This post demonstrates how you can connect to your IT operational infrastructure monitored by Dynatrace using Amazon AppFlow and set up an accurate anomaly detector across metrics and dimensions using Lookout for Metrics. The solution allows you to set up a continuous anomaly detector and optionally set up alerts to receive notifications when anomalies occur.

Lookout for Metrics integrates seamlessly with Dynatrace to detect anomalies within your operational metrics. Once connected, Lookout for Metrics uses ML to start monitoring data and metrics for anomalies and deviations from the norm. Dynatrace enables monitoring of your entire infrastructure, including your hosts, processes, and network. You can perform log monitoring and view information such as the total traffic of your network, the CPU usage of your hosts, the response time of your processes, and more.

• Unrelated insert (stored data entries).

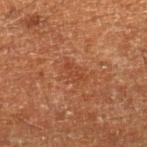Case summary:
- follow-up: imaged on a skin check; not biopsied
- TBP lesion metrics: an area of roughly 5 mm², an outline eccentricity of about 0.75 (0 = round, 1 = elongated), and a symmetry-axis asymmetry near 0.25; a within-lesion color-variation index near 1.5/10 and a peripheral color-asymmetry measure near 0.5; an automated nevus-likeness rating near 0 out of 100 and lesion-presence confidence of about 100/100
- site: the right lower leg
- subject: male, in their 60s
- imaging modality: 15 mm crop, total-body photography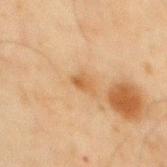Case summary:
– follow-up — imaged on a skin check; not biopsied
– patient — male, about 45 years old
– body site — the mid back
– image source — total-body-photography crop, ~15 mm field of view
– size — ~2.5 mm (longest diameter)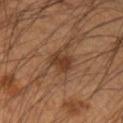workup — imaged on a skin check; not biopsied
anatomic site — the left forearm
automated lesion analysis — an automated nevus-likeness rating near 80 out of 100
tile lighting — cross-polarized illumination
image source — ~15 mm tile from a whole-body skin photo
subject — male, in their mid- to late 60s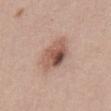| key | value |
|---|---|
| notes | total-body-photography surveillance lesion; no biopsy |
| anatomic site | the abdomen |
| illumination | white-light |
| acquisition | 15 mm crop, total-body photography |
| subject | male, aged approximately 40 |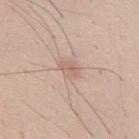Assessment:
This lesion was catalogued during total-body skin photography and was not selected for biopsy.
Image and clinical context:
Imaged with white-light lighting. The lesion is on the mid back. A male subject, about 35 years old. A 15 mm close-up tile from a total-body photography series done for melanoma screening. About 2.5 mm across.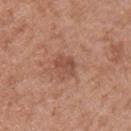Background: From the right upper arm. A female subject, roughly 40 years of age. Cropped from a total-body skin-imaging series; the visible field is about 15 mm.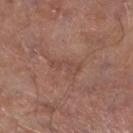size: ≈3.5 mm
image: ~15 mm tile from a whole-body skin photo
tile lighting: white-light illumination
patient: male, approximately 65 years of age
location: the left lower leg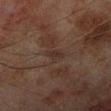- notes: no biopsy performed (imaged during a skin exam)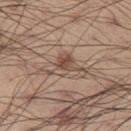biopsy_status: not biopsied; imaged during a skin examination
site: left thigh
image:
  source: total-body photography crop
  field_of_view_mm: 15
patient:
  sex: male
  age_approx: 55
lighting: white-light
automated_metrics:
  area_mm2_approx: 7.0
  eccentricity: 0.75

Amazon AppFlow is a fully managed service that provides integration capabilities by enabling you to transfer data between SaaS applications like Datadog, Salesforce, Marketo, and Slack and AWS services like Amazon S3 and Amazon Redshift. It provides capabilities to transform, filter, and validate data to generate enriched and usable data in a few easy steps.

Solution overview

In this post, we demonstrate how to integrate with an environment monitored by Dynatrace and detect anomalies in the operation metrics. We also determine how application availability and performance (resource contention) were impacted.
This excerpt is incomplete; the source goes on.